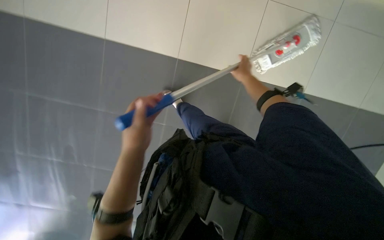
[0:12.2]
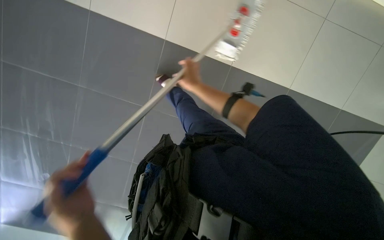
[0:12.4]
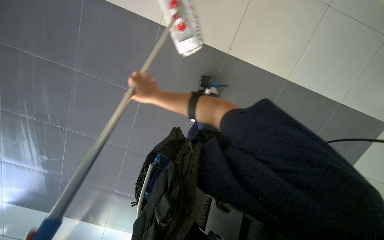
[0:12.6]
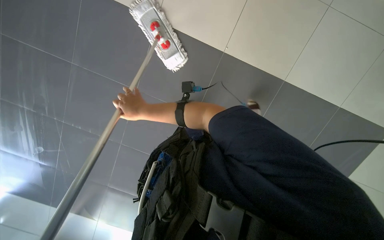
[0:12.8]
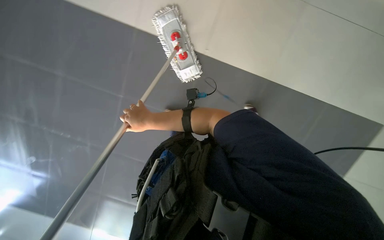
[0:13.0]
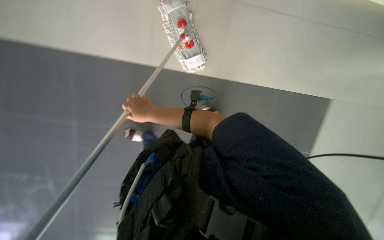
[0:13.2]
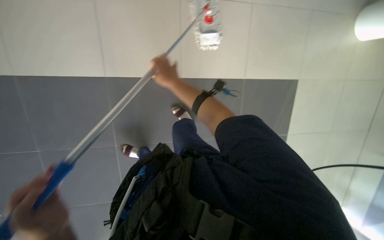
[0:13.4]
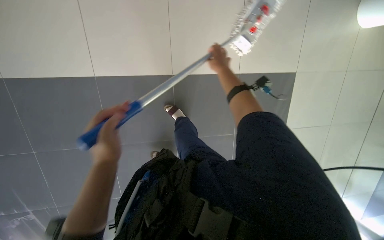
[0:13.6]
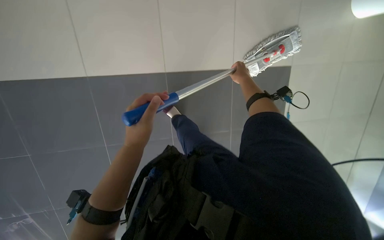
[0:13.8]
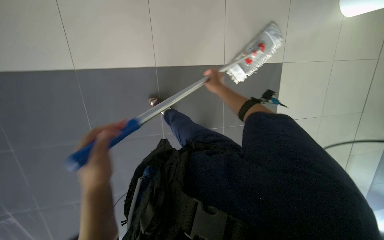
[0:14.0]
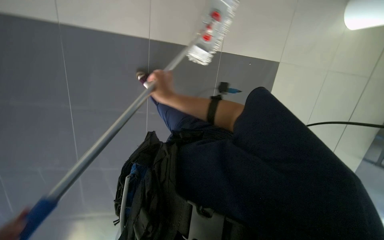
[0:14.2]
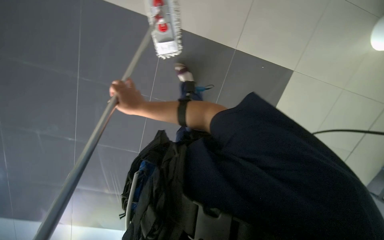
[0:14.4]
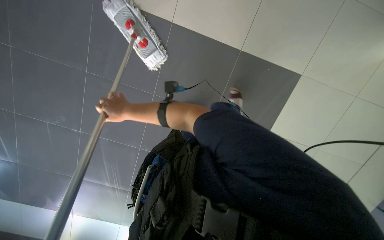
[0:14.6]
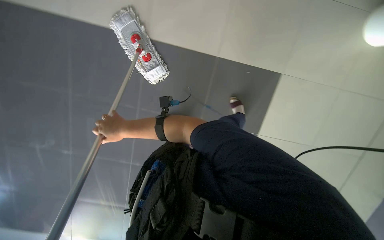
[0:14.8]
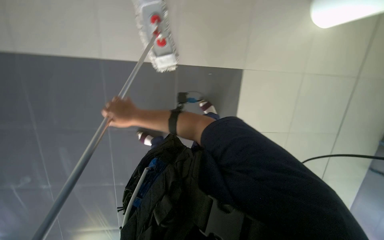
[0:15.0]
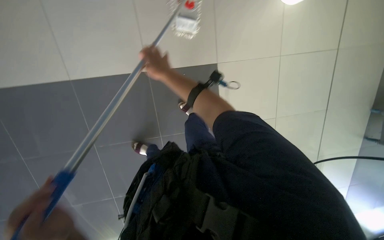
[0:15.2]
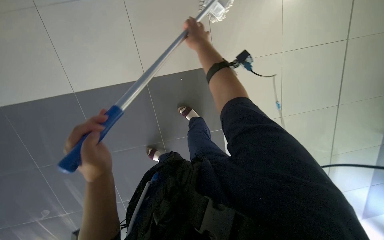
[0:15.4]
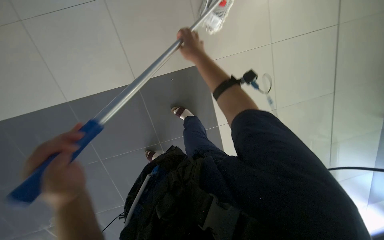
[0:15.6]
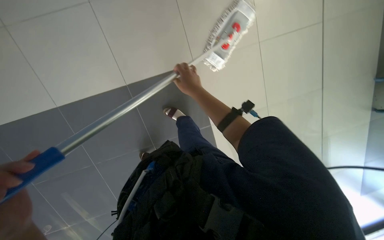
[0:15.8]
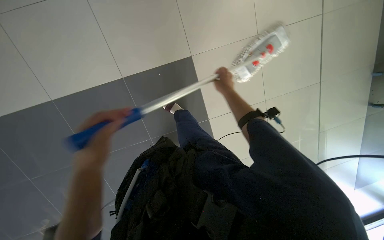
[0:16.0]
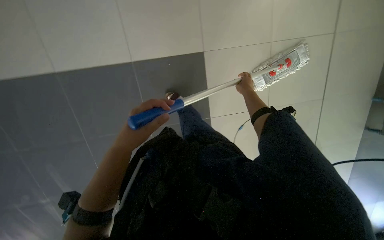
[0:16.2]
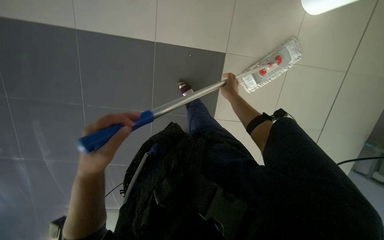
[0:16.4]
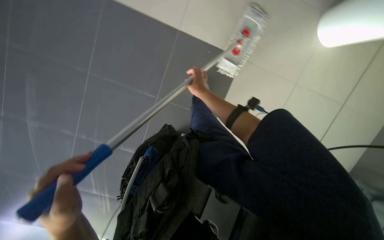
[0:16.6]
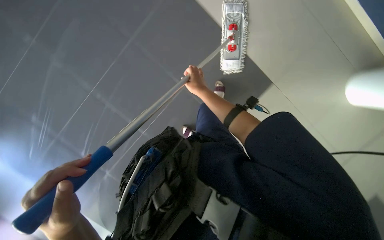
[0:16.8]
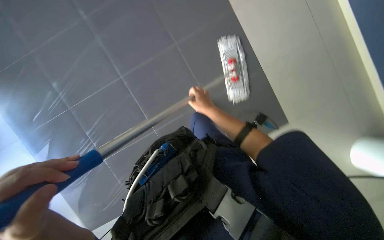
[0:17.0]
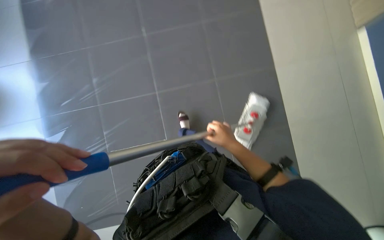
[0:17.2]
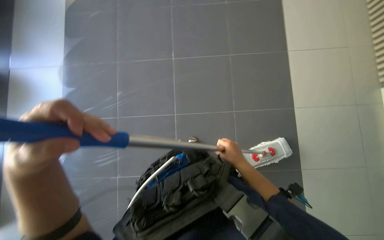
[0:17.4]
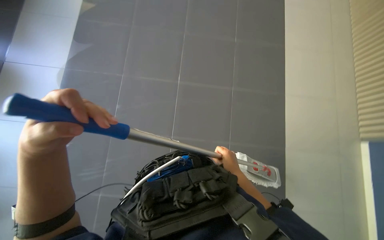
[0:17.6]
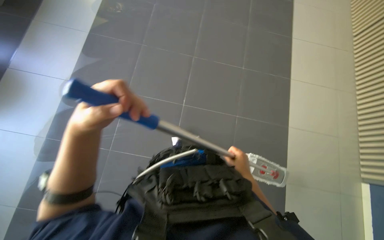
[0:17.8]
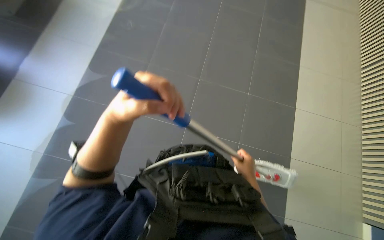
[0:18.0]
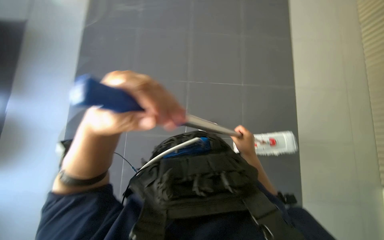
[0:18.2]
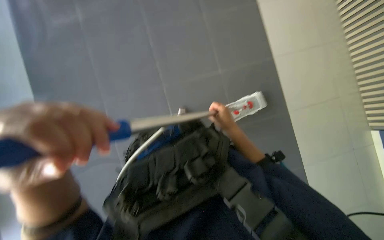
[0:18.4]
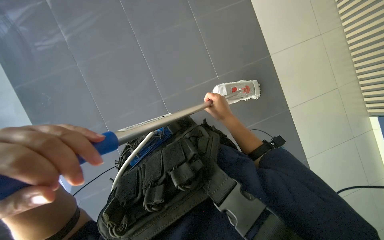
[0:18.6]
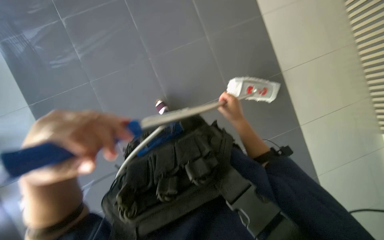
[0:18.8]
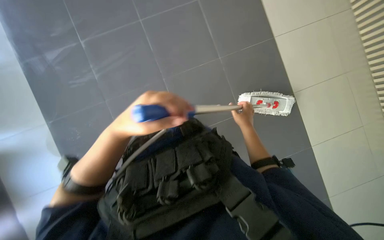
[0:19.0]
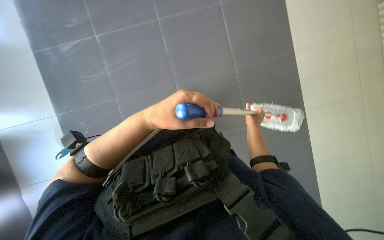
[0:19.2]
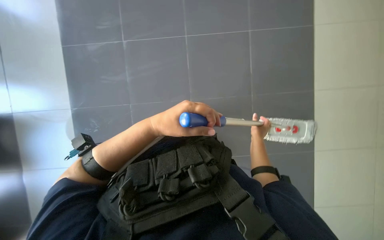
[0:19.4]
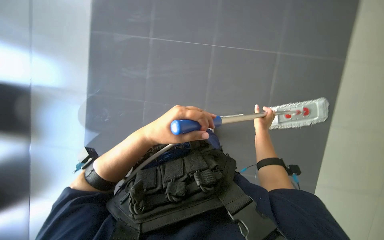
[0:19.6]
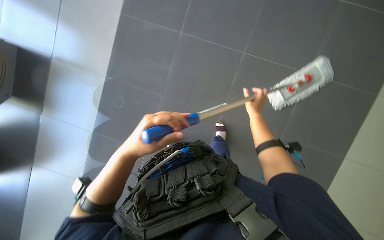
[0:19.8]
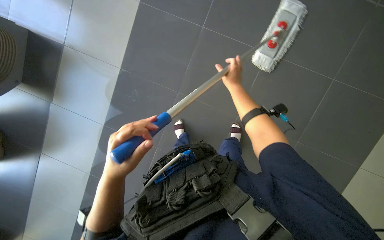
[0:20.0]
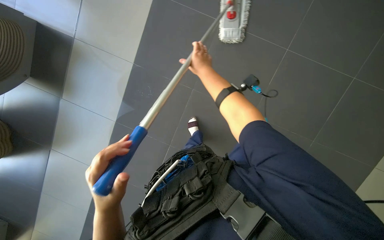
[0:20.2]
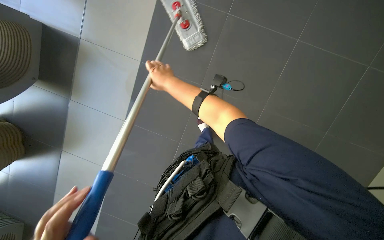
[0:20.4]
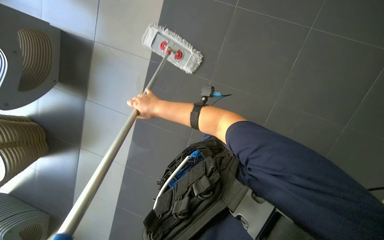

= EXERCISE BRIEF =
Do not include the images; transcribe the rest of the listing exactly.

= PROBLEM SOLUTION =
[0:12.2]
[0:12.4]
[0:12.6]
[0:12.8]
[0:13.0]
[0:13.2]
[0:13.4]
[0:13.6]
[0:13.8]
[0:14.0]
[0:14.2]
[0:14.4]
[0:14.6]
[0:14.8]
[0:15.0]
[0:15.2]
[0:15.4]
[0:15.6]
[0:15.8]
[0:16.0]
[0:16.2]
[0:16.4]
[0:16.6]
[0:16.8]
[0:17.0]
[0:17.2]
[0:17.4]
[0:17.6]
[0:17.8]
[0:18.0]
[0:18.2]
[0:18.4]
[0:18.6]
[0:18.8]
[0:19.0]
[0:19.2]
[0:19.4]
[0:19.6]
[0:19.8]
[0:20.0]
[0:20.2]
[0:20.4]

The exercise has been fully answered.